[Entries taken from a collection]
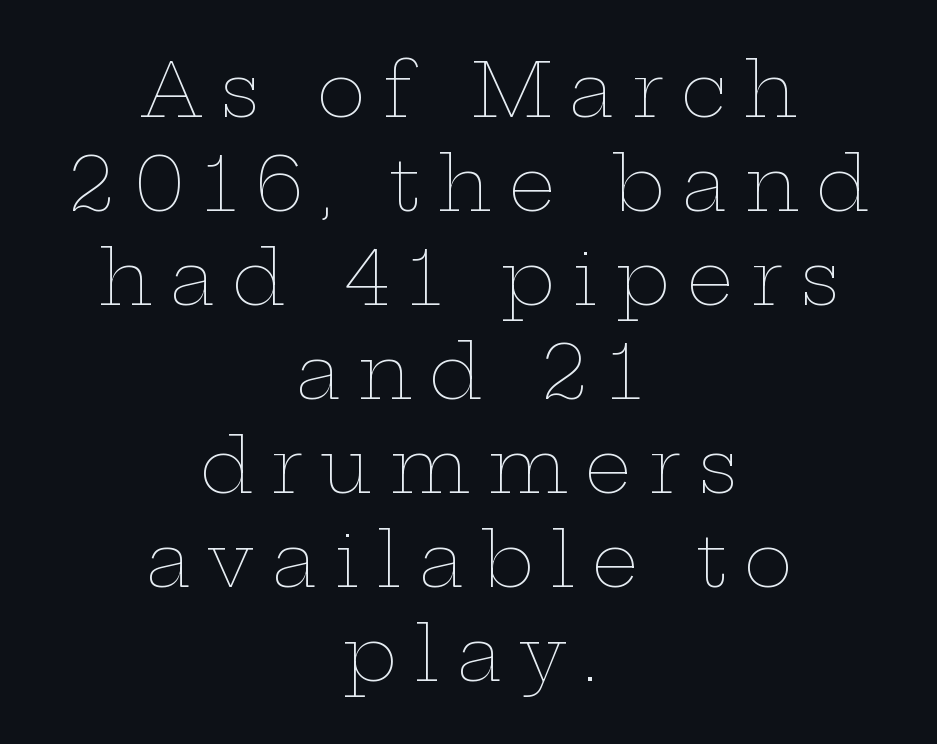
The image shows 74 px thin, wide type, upright; set centered, normal line spacing (1.27x), unusually wide letter spacing (+0.23 em), not underlined; low stroke contrast and a medium x-height.
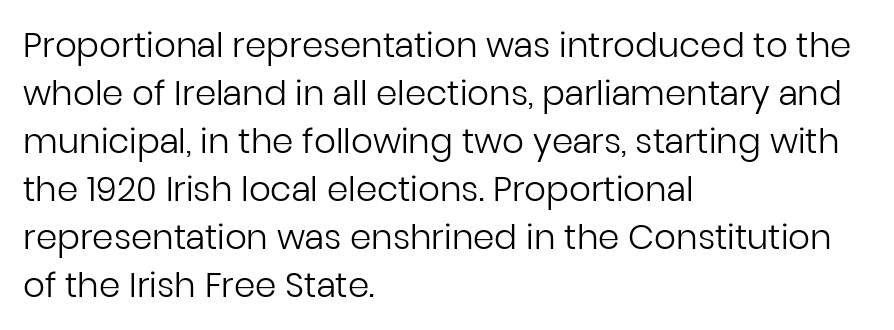
Italic? Not at all — the glyphs are vertical. The rendering uses natural spacing where letterforms have individual widths. Leftover space on each line is placed entirely after the last word. The horizontal fit of the characters is conventional and even. Does the type have serifs? No, each stem ends abruptly. Compared with a typical body face, this is equally light or lighter still.
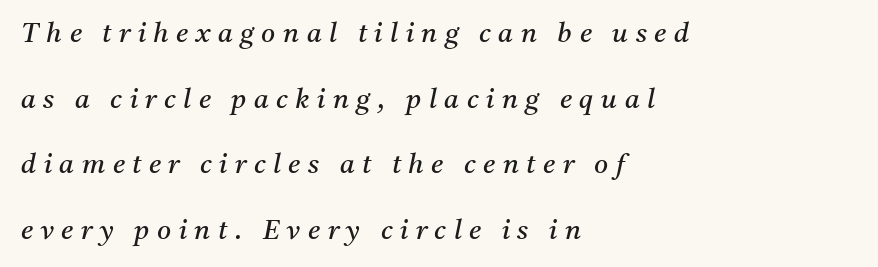
The image shows 27 px text type, italic (leaning right); set left-aligned, loose line spacing (2.43x), unusually wide letter spacing (+0.28 em), not underlined.
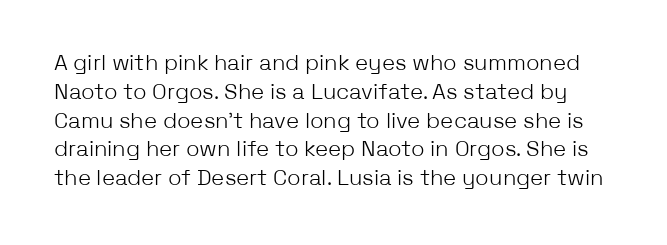
Nobody touched the tracking dial on this one. The face looks like a standard text weight, possibly lighter. Nobody drew a line under any word here. Reading down the column, the eye jumps a familiar distance to each next line. The letters stand upright; this is a roman face.
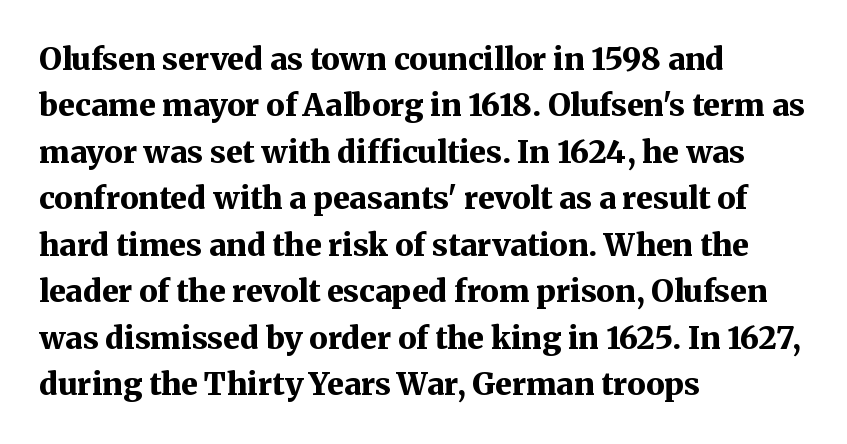
{"serif": "yes", "italic": "no", "bold": "yes", "weight": "bold", "width": "normal", "stroke_contrast": "medium", "x_height": "medium", "monospaced": "no", "underline": "no", "align": "left", "line_spacing": "normal", "line_spacing_ratio": 1.5, "letter_spacing": "normal", "letter_spacing_em": 0.0, "glyph_px": 31}
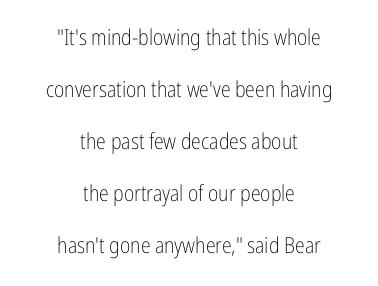
{"italic": "no", "bold": "no", "underline": "no", "align": "center", "line_spacing": "loose", "line_spacing_ratio": 2.36, "letter_spacing": "normal", "letter_spacing_em": 0.0, "glyph_px": 22}
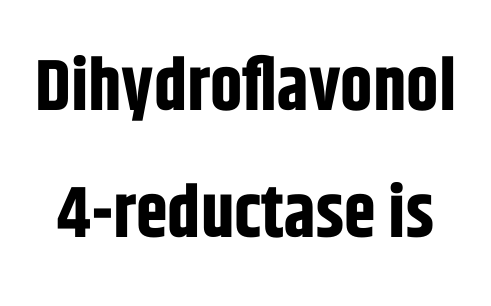
{"serif": "no", "italic": "no", "bold": "yes", "weight": "bold", "width": "condensed", "stroke_contrast": "low", "x_height": "large", "monospaced": "no", "underline": "no", "line_spacing_ratio": 1.76, "letter_spacing": "normal", "letter_spacing_em": 0.0, "glyph_px": 72}
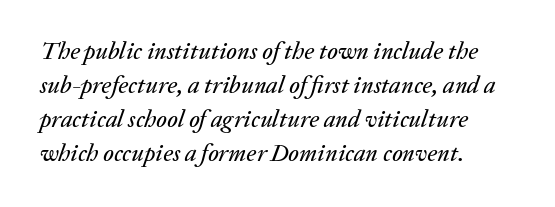
The text carries the slant typical of an italic or oblique font. This sample is left-justified, so line endings fall wherever the words run out. This rendering features lettering with no underline. Nothing unusual about the tracking: characters are spaced as the font intends.
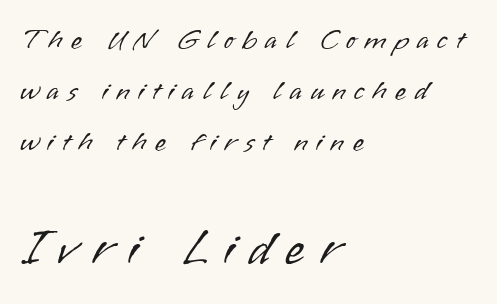
Q: Is the text bold? A: No.
Q: Is the text italic (slanted)? A: Yes.
Q: Is the typeface a serif or a sans-serif typeface? A: Sans-serif.
Q: Is the text underlined? A: No.
Q: How is the paragraph aligned? A: Left-aligned.
Q: Is the spacing between letters normal or unusually wide? A: Unusually wide.
Q: Which block of text is set in a larger size, the first (top) or the second (bottom)? A: The second (bottom) one.
Q: Width (condensed, normal, or wide)? A: Normal.
Q: Stroke contrast? A: Low.
Q: x-height? A: Small.
Q: Monospaced? A: No.
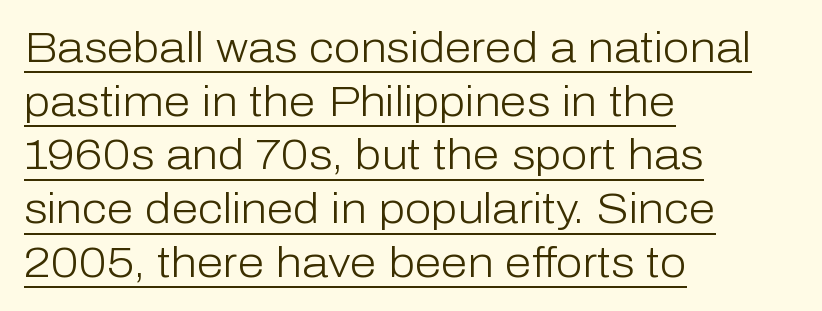
{"serif": "no", "italic": "no", "bold": "no", "weight": "light", "width": "normal", "stroke_contrast": "low", "x_height": "medium", "monospaced": "no", "underline": "yes", "align": "left", "line_spacing": "normal", "line_spacing_ratio": 1.25, "letter_spacing": "normal", "letter_spacing_em": 0.0, "glyph_px": 43}
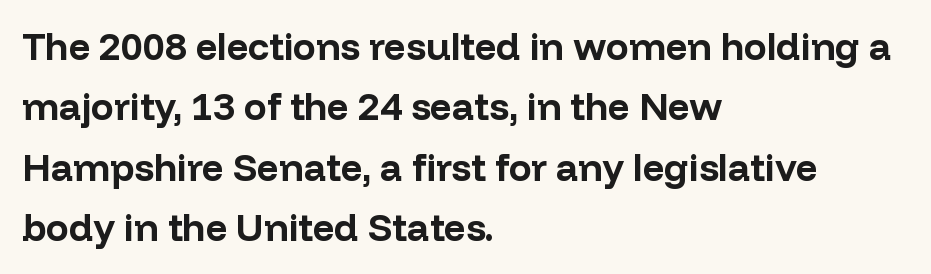
Q: Is the text bold? A: Yes.
Q: Is the text italic (slanted)? A: No, it is upright.
Q: Is the typeface a serif or a sans-serif typeface? A: Sans-serif.
Q: Is the text underlined? A: No.
Q: How is the paragraph aligned? A: Left-aligned.
Q: Is the spacing between letters normal or unusually wide? A: Normal.
Q: Is the spacing between lines tight, normal or loose? A: Normal.
Q: Width (condensed, normal, or wide)? A: Normal.
Q: Stroke contrast? A: Low.
Q: x-height? A: Medium.
Q: Monospaced? A: No.
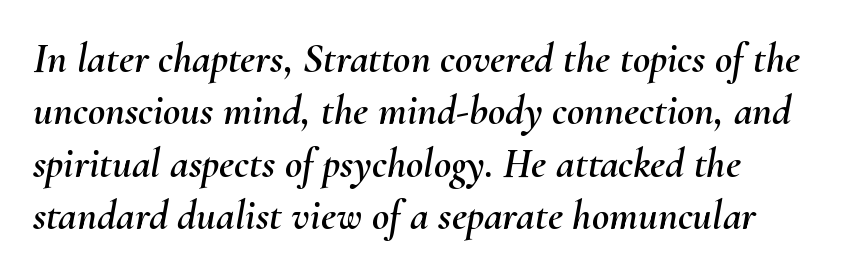
{"italic": "yes", "lean": "right", "slant_degrees": 10, "width": "normal", "stroke_contrast": "medium", "x_height": "small", "monospaced": "no", "underline": "no", "align": "left", "line_spacing": "normal", "line_spacing_ratio": 1.25, "letter_spacing": "normal", "letter_spacing_em": 0.0, "glyph_px": 42}
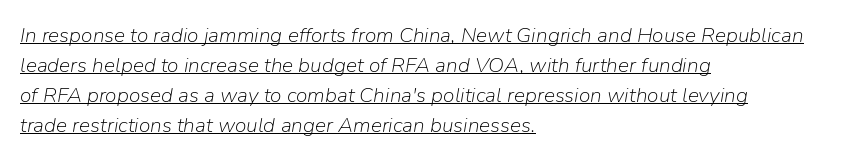
{"italic": "yes", "lean": "right", "slant_degrees": 9, "bold": "no", "underline": "yes", "align": "left", "line_spacing": "normal", "line_spacing_ratio": 1.43, "letter_spacing": "normal", "letter_spacing_em": 0.0, "glyph_px": 21}
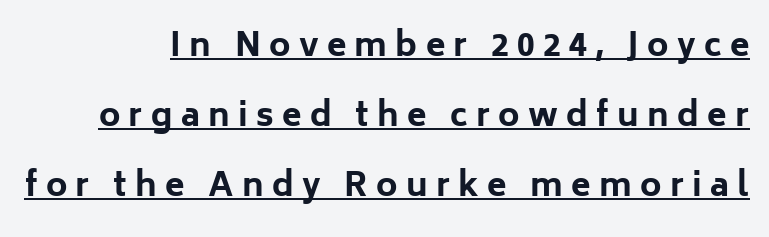
The typesetter has applied underlining to the passage shown. The line-height multiplier appears high, well above default. The tracking jumps out immediately: characters are airy and widely separated. These lines were composed using upright roman letters. Font category for this specimen: sans-serif. Does the copy run flush right? Yes — the right margin is perfectly even.
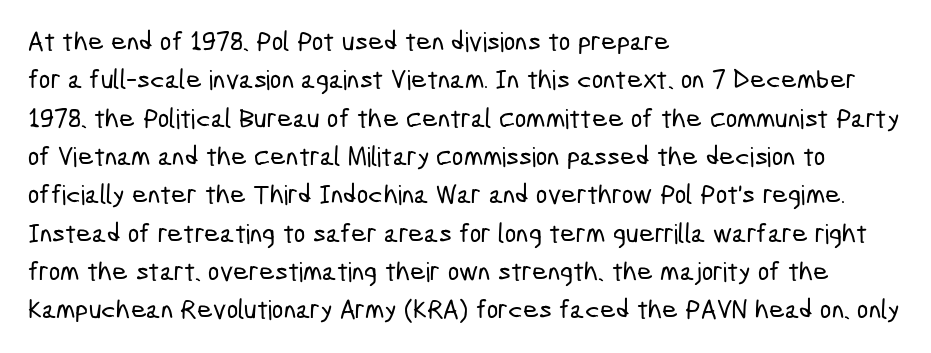
The image shows 27 px text type; set left-aligned, normal line spacing (1.42x), normal letter spacing, not underlined.
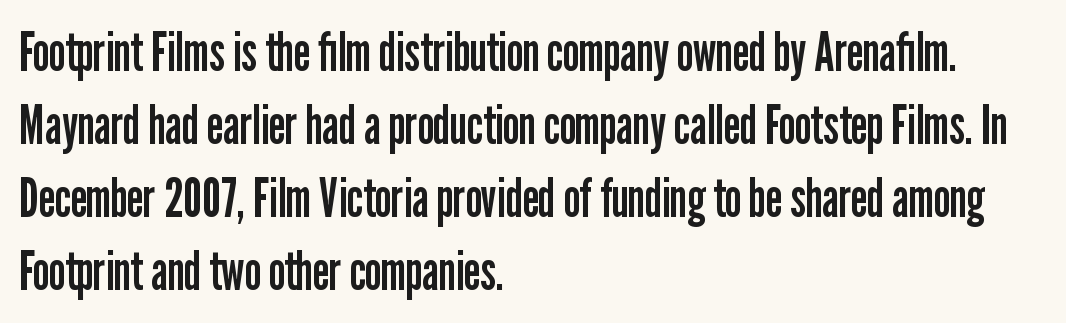
Q: Is the text bold? A: No.
Q: Is the text italic (slanted)? A: No, it is upright.
Q: Is the typeface a serif or a sans-serif typeface? A: Sans-serif.
Q: Is the text underlined? A: No.
Q: How is the paragraph aligned? A: Left-aligned.
Q: Is the spacing between letters normal or unusually wide? A: Normal.
Q: Is the spacing between lines tight, normal or loose? A: Normal.
Q: Width (condensed, normal, or wide)? A: Condensed.
Q: Stroke contrast? A: Low.
Q: x-height? A: Medium.
Q: Monospaced? A: No.
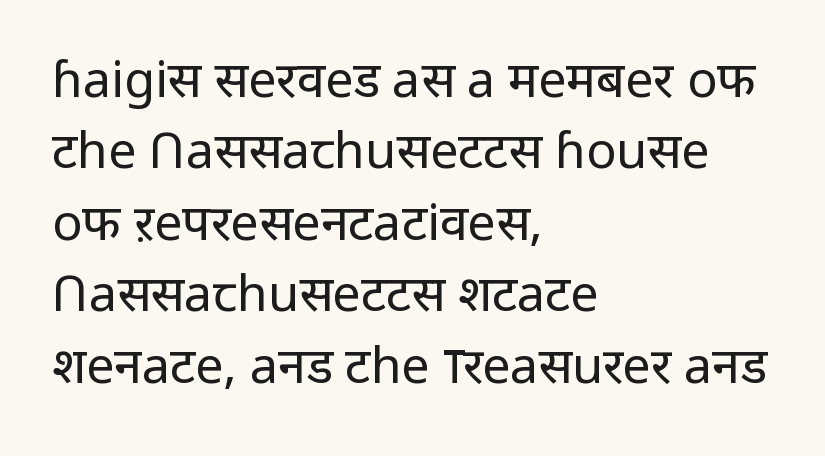
Q: Is the text bold? A: No.
Q: Is the text italic (slanted)? A: No, it is upright.
Q: Is the typeface a serif or a sans-serif typeface? A: Sans-serif.
Q: Is the text underlined? A: No.
Q: How is the paragraph aligned? A: Left-aligned.
Q: Is the spacing between letters normal or unusually wide? A: Normal.
Q: Is the spacing between lines tight, normal or loose? A: Normal.
Q: Width (condensed, normal, or wide)? A: Normal.
Q: Stroke contrast? A: Low.
Q: x-height? A: Medium.
Q: Monospaced? A: No.
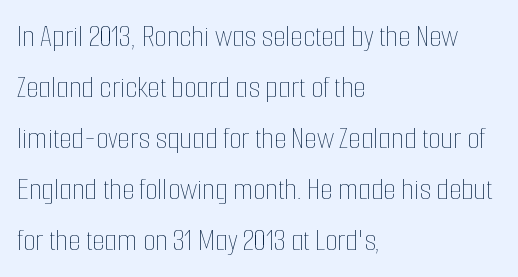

* **Task statement**
Only the lines from the start of the records to the one containing "Nobody touched the" should be repeated, exactly and with both ends kept; drop any pictures.

* **Exercise response**
The image shows 74 px thin, wide type, upright; set centered, normal line spacing (1.27x), unusually wide letter spacing (+0.23 em), not underlined; low stroke contrast and a medium x-height.
Italic? Not at all — the glyphs are vertical. The rendering uses natural spacing where letterforms have individual widths. Leftover space on each line is placed entirely after the last word. The horizontal fit of the characters is conventional and even. Does the type have serifs? No, each stem ends abruptly. Compared with a typical body face, this is equally light or lighter still.
The image shows 27 px text type, italic (leaning right); set left-aligned, loose line spacing (2.43x), unusually wide letter spacing (+0.28 em), not underlined.
Nobody touched the tracking dial on this one. The face looks like a standard text weight, possibly lighter. Nobody drew a line under any word here. Reading down the column, the eye jumps a familiar distance to each next line. The letters stand upright; this is a roman face.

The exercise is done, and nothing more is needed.